Practicing Tips

There are numerous factors that can help kids practice at home. Of course, ideally kids would just find their own motivation and structure their time to achieve their goals, yet let’s face it, even adults often lack that skill.

The truth about practicing is that is a process that changes over time. Artistic kids are usually constantly “thinking outside the box” and get “bored” with a regular routine even though it is what they need.

Parent’s need to take a team approach and work with their children and the instructor to help build a toolkit of skills/resources to help kids build effective practicing skills. Frequently re-evaluate what is working versus what is not. Again, this list will change with time.

Constantly aim to distinguish the effectiveness of the parameters that you set around practice goals and schedules to ensure consistent growth over time.

For example, there is no argument that two things always work for practicing:

    • Learn to play a phrase correctly in slow motion first. Work to increase the speed only in intervals that maintain accuracy until the desired tempo is reached.
    • Practice in sections and then put the sections together. Start with as small of a section as you need to maintain accuracy and increase the length when larger sections can be played accurately.
    • (In other words–do not practice your mistakes!)

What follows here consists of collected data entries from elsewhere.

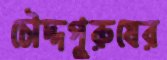
চৌদ্দপুরুষের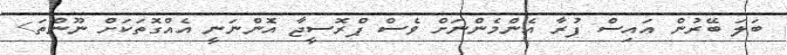
ބަލަ ބޭރުން އައިސް ފުރާ އެންމެެންނަށް ވެސް ޕްރޮސީޖާ އެޮންނަނީ އެއްގޮތަކަށް ނޫންތަ>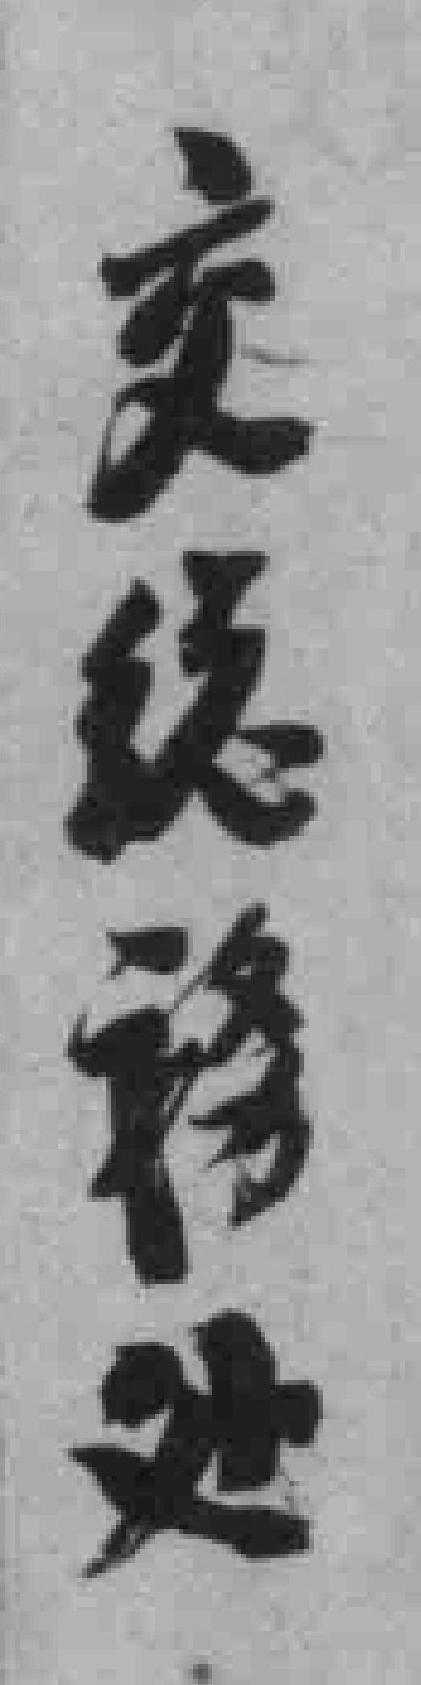
交總務边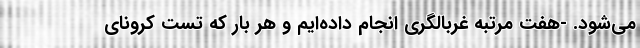
می‌شود. -هفت مرتبه غربالگری انجام داده‌ایم و هر بار که تست کرونای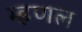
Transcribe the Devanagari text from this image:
म्‍हणल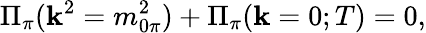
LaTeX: {\Pi}_{\pi}(\mathbf{k}^{2}=m_{0\pi}^{2})+{\Pi}_{\pi}(\mathbf{k}=0;T)=0,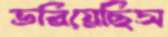
ভরিয়েছিস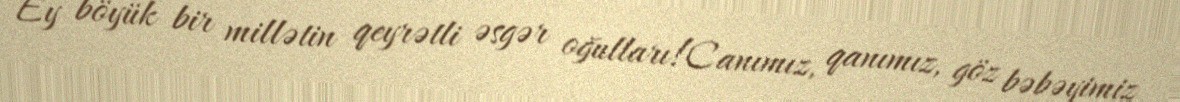
Ey böyük bir millətin qeyrətli əsgər oğulları!Canımız, qanımız, göz bəbəyimiz

The tricky part is evaluating how much time it takes to complete this process. So practicing a certain number of minutes per day may be helpful or it could be a source of frustration. Duration of practice time may not be something that is intelligent to control at all times. Daily practice sessions with a list of goals and continuous engagement with the material and the process is something that would be more beneficial to set parameters around.

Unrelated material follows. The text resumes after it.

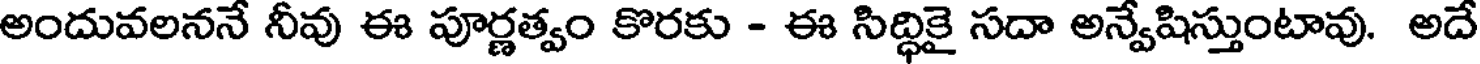
అందువలననే నీవు ఈ పూర్ణత్వం కొరకు - ఈ సిద్ధికై సదా అన్వేషిస్తుంటావు. అదే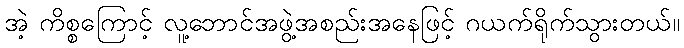
အဲ့ ကိစ္စကြောင့် လူ့ဘောင်အဖွဲ့အစည်းအနေဖြင့် ဂယက်ရိုက်သွားတယ်။

Remember, music is an art form, thus the better you get at it, the more you may feel that is it not complete. Constantly ask, “What can I do to make this piece sound satisfying, interesting and/or enjoyable for the me and my audience?”

In order to keep students engaged, go for some rules that you will follow together. For example:

1. Practice every day of the week except for one rest day.

2. Every day work on the tasks the teacher has assigned and complete them as requested with this exception–if students discover that some part of the assignment is not working and has a better solution that will help to complete his assignment in a more enjoyable or proficient way, they may try that and discuss it with the teacher to see if it is acceptable.

Help kids build a list of skills to practice–a list of solutions for problems. There are endless creative options. There are also the tried and true methods–use a metronome, play in slow motion, break the work into sections, break it into smaller sections.

Maintain ongoing communication with the instructor regarding practicing. Keep children involved in the process. Complement them on the quality of their process. Instead of saying, “you are so talented!” Say, “I love how you worked on that piece in sections and were patient enough to keep the speed slow! When you do that, you sound wonderful!”

Remember, practicing is work, it can be fun and feel playful, yet it is not play time. Work can be enjoyable and very satisfying. It takes time, attention and creativity to hone one’s work skills at any age.